More specifically, the problem is that labor law is rooted in the Commerce Clause. Shaun Richman argued this in his book, Tell the Bosses We’re Coming, and that we should instead anchor labor rights in constitutional rights. The pinch of course comes in getting such an improvement through an extremely rightwing congress, where luminaries like Andy “the Bolsheviks Are Coming” Biggs and Mo “Bulletproof Vest” Brooks doubtless regard any union activity as violent leftwing Marxism.

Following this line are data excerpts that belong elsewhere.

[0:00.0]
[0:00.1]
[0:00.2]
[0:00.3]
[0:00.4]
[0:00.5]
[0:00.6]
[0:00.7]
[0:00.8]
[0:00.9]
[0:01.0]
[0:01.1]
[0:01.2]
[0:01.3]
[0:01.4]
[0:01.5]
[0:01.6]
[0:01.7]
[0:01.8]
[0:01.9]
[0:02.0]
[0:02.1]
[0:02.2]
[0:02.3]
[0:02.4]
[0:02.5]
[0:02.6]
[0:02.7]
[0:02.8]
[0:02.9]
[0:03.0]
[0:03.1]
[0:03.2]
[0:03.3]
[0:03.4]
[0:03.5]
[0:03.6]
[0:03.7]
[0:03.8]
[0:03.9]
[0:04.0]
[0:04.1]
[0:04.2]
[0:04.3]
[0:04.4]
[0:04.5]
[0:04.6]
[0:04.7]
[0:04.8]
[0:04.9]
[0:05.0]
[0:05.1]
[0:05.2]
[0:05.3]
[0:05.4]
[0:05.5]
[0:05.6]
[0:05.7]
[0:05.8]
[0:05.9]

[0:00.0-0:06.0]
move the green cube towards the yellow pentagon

And don’t even mention the supreme court, which has absolutely zero interest, zip, nada, in the rights of anybody in the workplace aside from ceos and corporations themselves, which the high court endowed with super-personhood – all the privileges of human beings and none of the obligations. You should expect something else from the supremes. Like maybe mandatory prayer at the start of the workday.

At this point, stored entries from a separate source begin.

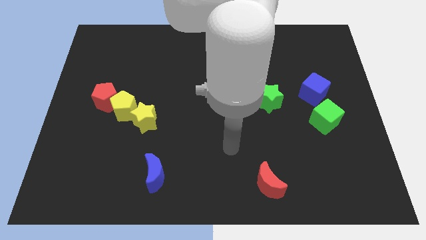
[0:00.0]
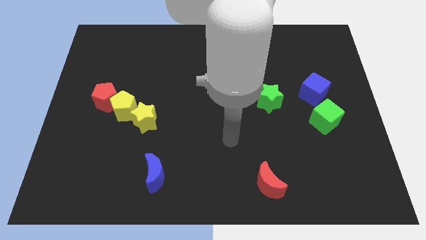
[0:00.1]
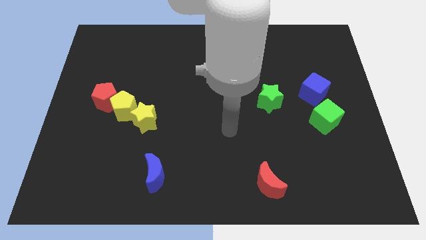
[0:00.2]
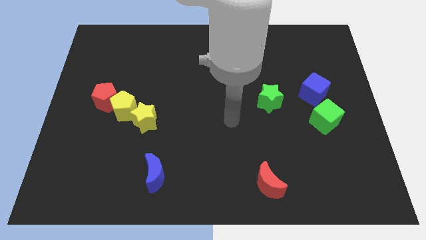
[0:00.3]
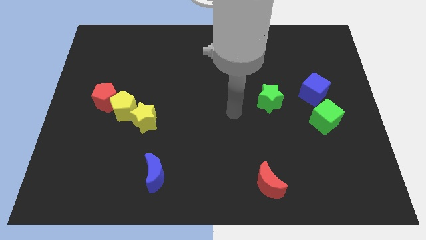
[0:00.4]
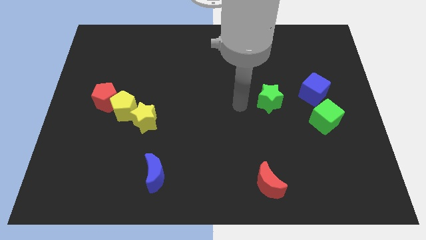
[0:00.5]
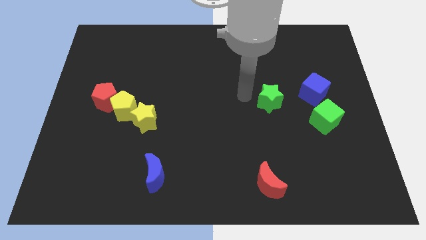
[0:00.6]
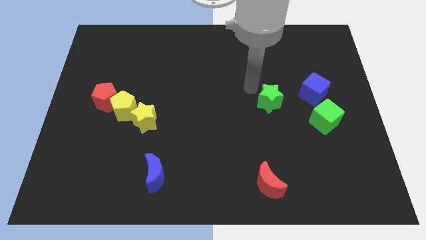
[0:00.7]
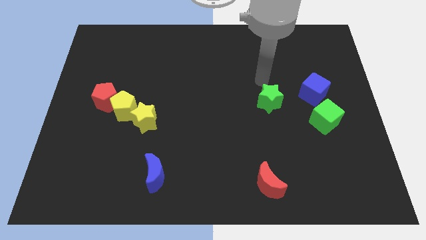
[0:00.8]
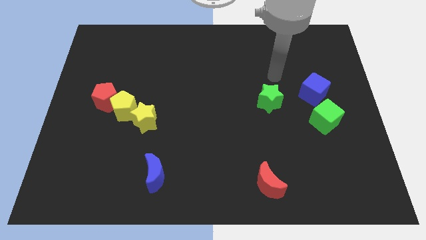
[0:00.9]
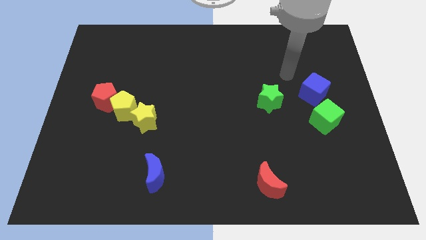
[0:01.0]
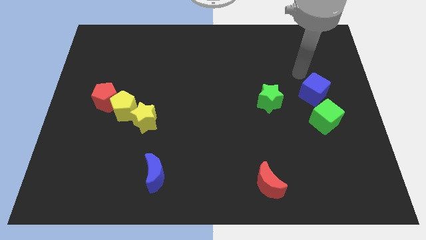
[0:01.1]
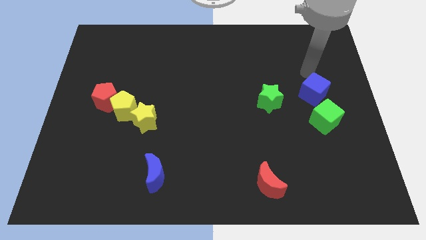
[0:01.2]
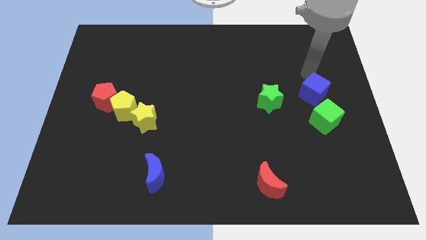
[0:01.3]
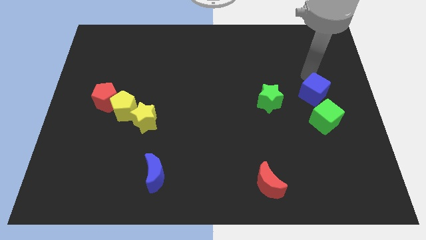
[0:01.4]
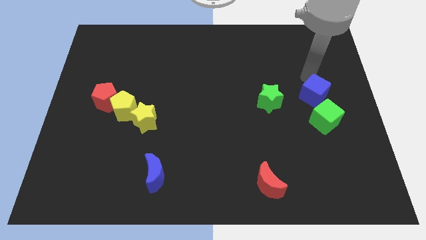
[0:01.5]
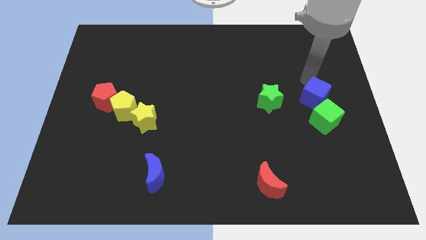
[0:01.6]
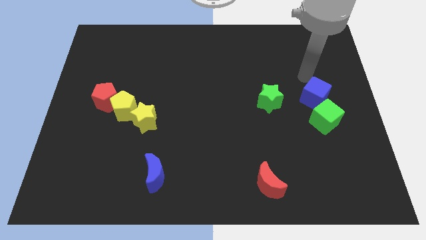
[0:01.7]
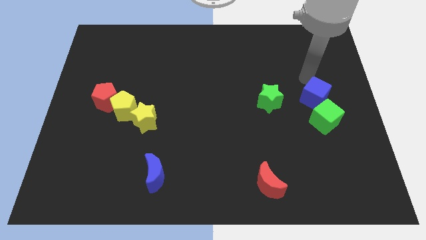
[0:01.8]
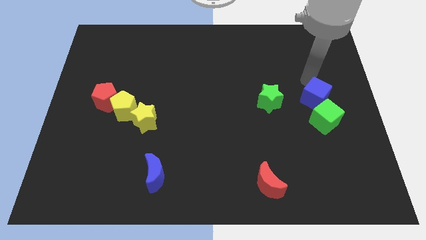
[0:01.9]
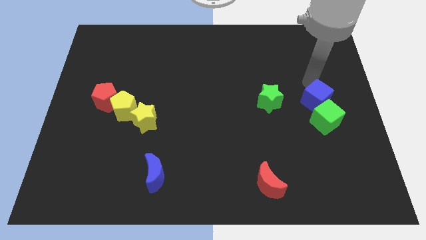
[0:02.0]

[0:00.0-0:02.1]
slide the blue cube next to the green cube

These Ubermenschen – corporations – dominate politics, the economy and society, and their sworn enemy is, of course, organized labor. But even though they hold so many cards, there’s one they lack – solidarity. That’s what’s happening at Starbucks and all the other corporate employers shocked that their workers object to being deprived of bathroom breaks or that, for instance, Frito Lay workers revolted last summer against forced overtime and 84-hour work weeks. They didn’t like how they were treated in the Topeka, Kansas plant, which involved a worker collapsing on the job and dying, and co-workers ordered to move the body out of the way, put in another worker, and keep going. (Frito Lay denies this charge.) These workers won a two-year contract, by the way, that raised wages and gave them one day off each week.
What, you may wonder, ever happened to the eight-hour day, the 40-hour work week and the weekend as a sacred time of rest and relaxation? They went the way of the defined-benefit plan. That’s the way of the dodo. Like most of labor’s twentieth century wins, they were hunted to extinction. Congress and the high court are fine with that. So don’t make the mistake of looking to them for help.
But workers still retain one weapon in their depleted arsenal: the right to strike. To judge from recent events and corporate defeats, they’re making the most of it. That’s good news, because lots of employees are being worked to death. They deserve better, and, pace Frito Lay, they even deserve more than one day off each week.